In his testimony, Adams was questioned for nearly five hours by Sir Max Hill KC, a former director of public prosecutions. Hill pressed Adams on his past public statements, his presence at IRA funerals, and his long-standing support for the republican cause. When asked, “It’s your business to defend many actions of the IRA, is that an accurate statement?” Adams replied, “I do not defend all the IRA actions, but my position is based on the broad principle that people have the right to resist occupation.” He went on to say, “I do not stand by everything that they did, but these were my neighbours. I’m glad that the IRA has left the stage, I’m glad that no-one else is being killed. I am glad that there is a peace process but I do not distance myself from the IRA, while being very, very clear that there were dastardly things that were done that should never have been done.”
Hill also referenced a photograph of Adams at an IRA funeral wearing a black beret, suggesting this was evidence of membership. Adams countered, “I was part of a guard of honour, of which I was honoured to be a part. But there is no suggestion I was a member of the ANC [African National Congress],” drawing a parallel to his participation in Nelson Mandela’s funeral guard of honour. Hill further pressed on the 1972 talks between the UK government and an alleged IRA delegation, which included Adams. Citing the late Seán Mac Stíofáin’s assertion that the delegation comprised “exclusively” IRA members, Adams insisted Mac Stíofáin was “mistaken.”
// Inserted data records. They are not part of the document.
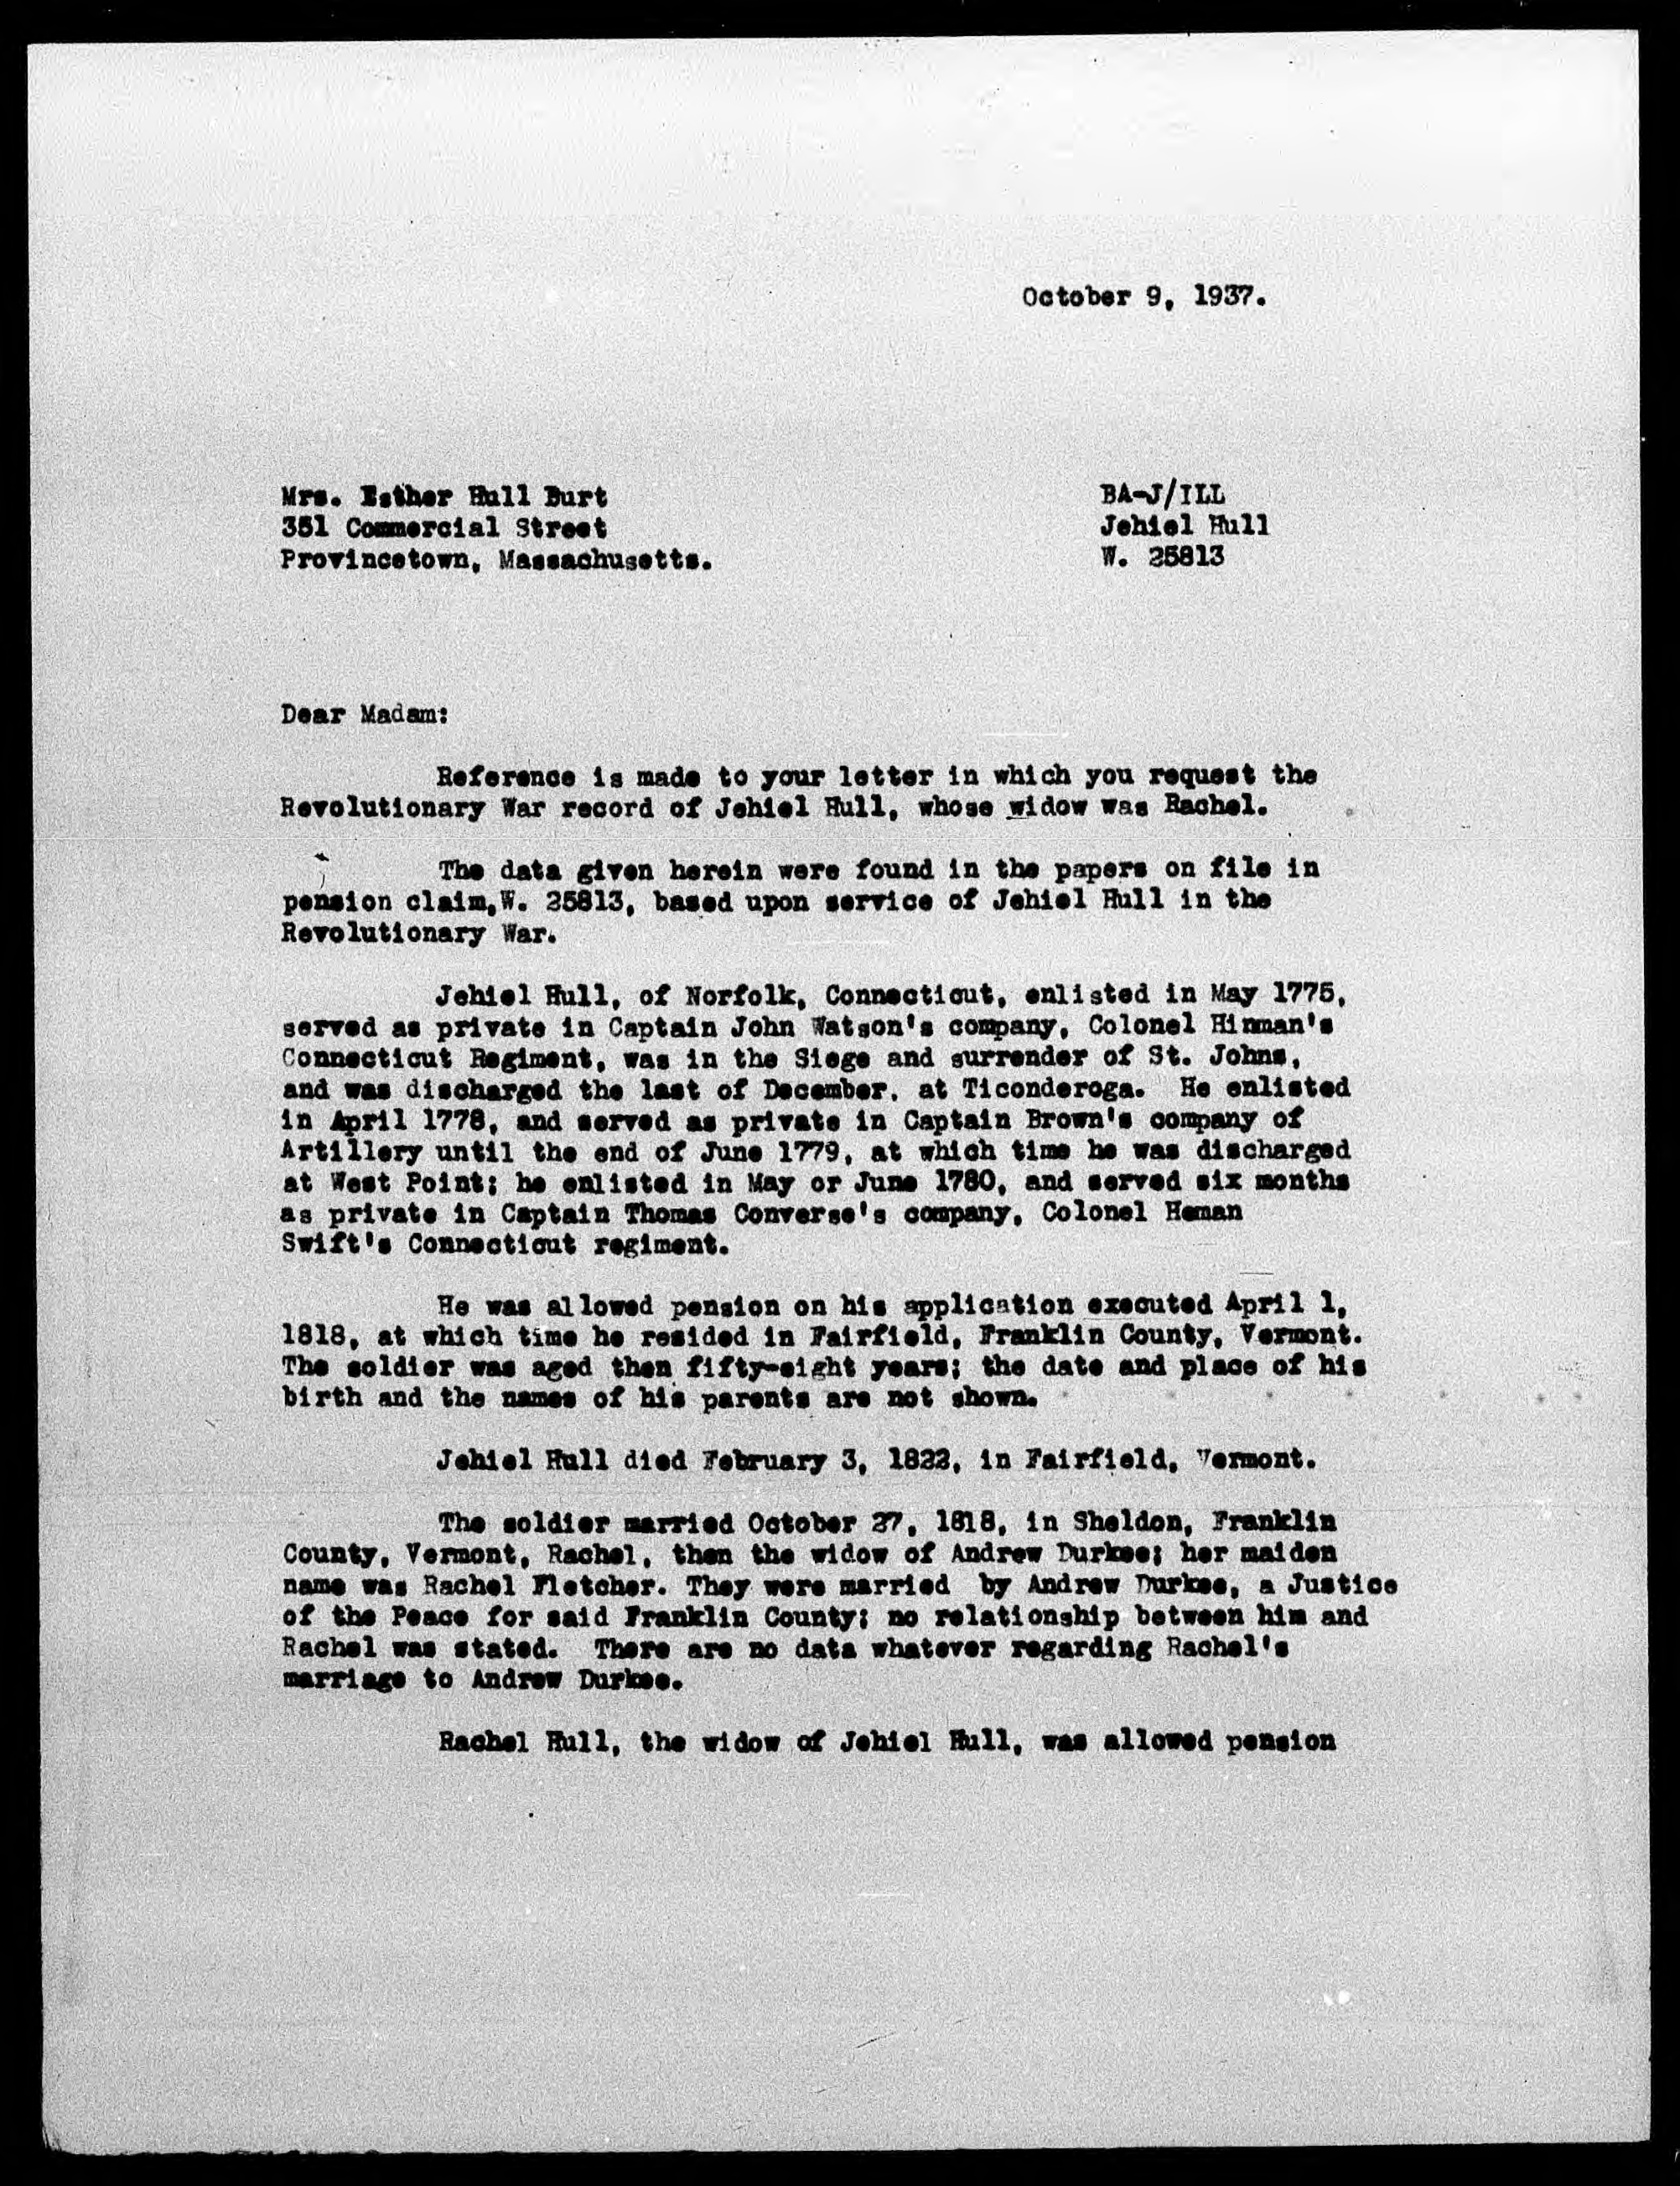[typewritten letter]

October 9, 1937.

Mrs. Esther Hull Burt
351 Commercial Street
Provincetown, Massachusetts.

BA-J/ILL
Jehiel Hull
W. 25813

Dear Madam:

Reference is made to your letter in which you request the Revolutionary War record of Jehiel Hull, whose widow was Rachel.

The data given herein were found in the papers on file in pension claim, W. 25813, based upon service of Jehiel Hull in the Revolutionary War.

Jehiel Hull, of Norfolk, Connecticut, enlisted in May 1775, served as private in Captain John Watson's company, Colonel Hinman's Connecticut Regiment, was in the Siege and surrender of St. Johns, and was discharged the last of December, at Ticonderoga. He enlisted in April 1778, and served as private in Captain Brown's company of Artillery until the end of June 1779, at which time he was discharged at West Point; he enlisted in May or June 1780, and served six months as private in Captain Converse's company, Colonel Herman Swift's Connecticut regiment.

He was allowed pension on his application executed April 1, 1818, at which time he resided in Fairfield, Franklin County, Vermont. The soldier was aged then fifty-eight years; the date and place of his birth and the names of his parents are not shown.

Jehiel Hull died February 3, 1822, in Fairfield, Vermont.

The soldier married October 27, 1818, in Sheldon, Franklin County, Vermont, Rachel, then the widow of Andrew Durkee; her maiden name was Rachel Fletcher. They were married by Andrew Durkee, a Justice of the Peace for said Franklin County; no relationship between him and Rachel was stated. There are no data whatever regarding Rachel's marriage to Andrew Durkee.

Rachel Hull, the widow of Jehiel Hull, was allowed pension

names: Esther Hull Burt, Andrew Durkee, Rachel Hull, Rachel Fletcher, Jehiel Hull
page: 21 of 58
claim: widow's
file: W. 25813, Jehiel Hull, Conn.

Adams’ legal history is as complex as the conflict he helped to end. He was charged with IRA membership in 1978, but the case was dropped due to insufficient evidence. His only Troubles-era convictions—two attempts to escape prison while interned without trial in the 1970s—were quashed in 2020 by the UK Supreme Court. In 2025, Adams won a libel case in Dublin against the BBC over allegations he was involved in the killing of a British spy. He has previously faced questioning about his alleged IRA past at the Ballymurphy inquest in Belfast in 2019 and during the 2025 libel proceedings.
Adams’ political career is inextricably linked to the story of the Troubles and the peace process. As president of Sinn Féin, he became the best-known face of the movement seeking to end British rule in Northern Ireland. He played a key role in negotiating the 1998 Good Friday Agreement, which brought about power-sharing in Northern Ireland’s Assembly, allowed for dual citizenship, and set the stage for a potential future referendum on Irish unity. Adams served as a British MP from 1983 to 1992 and again from 1997 to 2011, though he and Sinn Féin famously boycotted their seats in protest of what they considered illegitimate British rule. He later served in the Northern Irish parliament at Stormont Castle before retiring from active politics in 2020.
The trial continues, with Adams expected to give further evidence. The case, while unlikely to resolve the enduring controversies of the Troubles, shines a spotlight once again on the unresolved pain, political complexities, and personal histories that still shape Northern Ireland’s present. As the courtroom drama unfolds, the question of personal accountability versus collective history remains as fraught—and as important—as ever.